====== SUPPLIED INFORMATION

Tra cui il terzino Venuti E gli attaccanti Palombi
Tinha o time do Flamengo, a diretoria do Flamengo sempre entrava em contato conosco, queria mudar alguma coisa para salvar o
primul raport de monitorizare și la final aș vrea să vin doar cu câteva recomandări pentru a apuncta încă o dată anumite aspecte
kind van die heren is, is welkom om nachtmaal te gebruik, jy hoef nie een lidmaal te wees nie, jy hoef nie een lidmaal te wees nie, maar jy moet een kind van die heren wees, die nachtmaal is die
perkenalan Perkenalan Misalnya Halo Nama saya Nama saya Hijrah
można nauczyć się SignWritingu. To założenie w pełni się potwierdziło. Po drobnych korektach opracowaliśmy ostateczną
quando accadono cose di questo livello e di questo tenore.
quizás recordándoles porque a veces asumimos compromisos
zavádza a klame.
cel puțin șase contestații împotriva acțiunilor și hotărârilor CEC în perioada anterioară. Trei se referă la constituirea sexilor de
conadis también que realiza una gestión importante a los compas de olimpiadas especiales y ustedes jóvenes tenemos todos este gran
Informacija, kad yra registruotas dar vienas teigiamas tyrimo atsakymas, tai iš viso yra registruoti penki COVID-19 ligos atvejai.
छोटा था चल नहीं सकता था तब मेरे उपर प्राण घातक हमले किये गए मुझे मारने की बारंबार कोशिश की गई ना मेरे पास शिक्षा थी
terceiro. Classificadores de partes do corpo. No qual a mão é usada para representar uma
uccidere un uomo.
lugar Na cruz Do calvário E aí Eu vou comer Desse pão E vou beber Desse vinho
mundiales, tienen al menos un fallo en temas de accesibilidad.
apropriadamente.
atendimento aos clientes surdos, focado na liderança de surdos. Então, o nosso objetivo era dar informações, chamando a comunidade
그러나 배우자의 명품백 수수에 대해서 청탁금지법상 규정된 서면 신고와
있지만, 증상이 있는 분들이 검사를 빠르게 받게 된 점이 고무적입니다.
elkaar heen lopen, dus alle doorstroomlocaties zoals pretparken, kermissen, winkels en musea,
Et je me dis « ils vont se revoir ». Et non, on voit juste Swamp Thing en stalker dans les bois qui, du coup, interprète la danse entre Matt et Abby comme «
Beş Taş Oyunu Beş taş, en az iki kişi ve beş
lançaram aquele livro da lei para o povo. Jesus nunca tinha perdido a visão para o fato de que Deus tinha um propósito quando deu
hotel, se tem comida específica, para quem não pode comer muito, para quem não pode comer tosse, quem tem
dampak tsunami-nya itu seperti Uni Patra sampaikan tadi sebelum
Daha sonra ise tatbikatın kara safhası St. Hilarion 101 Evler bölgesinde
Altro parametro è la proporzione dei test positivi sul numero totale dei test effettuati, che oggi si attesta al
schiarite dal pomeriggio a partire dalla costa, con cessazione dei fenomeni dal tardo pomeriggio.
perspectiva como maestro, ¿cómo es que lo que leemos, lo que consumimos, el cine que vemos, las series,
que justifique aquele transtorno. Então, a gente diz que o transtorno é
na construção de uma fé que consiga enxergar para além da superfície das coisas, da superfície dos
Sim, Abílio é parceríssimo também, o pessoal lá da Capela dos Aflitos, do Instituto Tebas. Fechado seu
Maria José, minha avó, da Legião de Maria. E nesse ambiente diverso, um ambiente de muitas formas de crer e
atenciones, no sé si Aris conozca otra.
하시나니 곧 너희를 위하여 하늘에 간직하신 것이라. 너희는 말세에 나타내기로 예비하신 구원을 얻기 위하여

============

PROBLEM DESCRIPTION
Find every line above where the word "aquele" occurs, and copy that line.

REPLY
lançaram aquele livro da lei para o povo. Jesus nunca tinha perdido a visão para o fato de que Deus tinha um propósito quando deu
que justifique aquele transtorno. Então, a gente diz que o transtorno é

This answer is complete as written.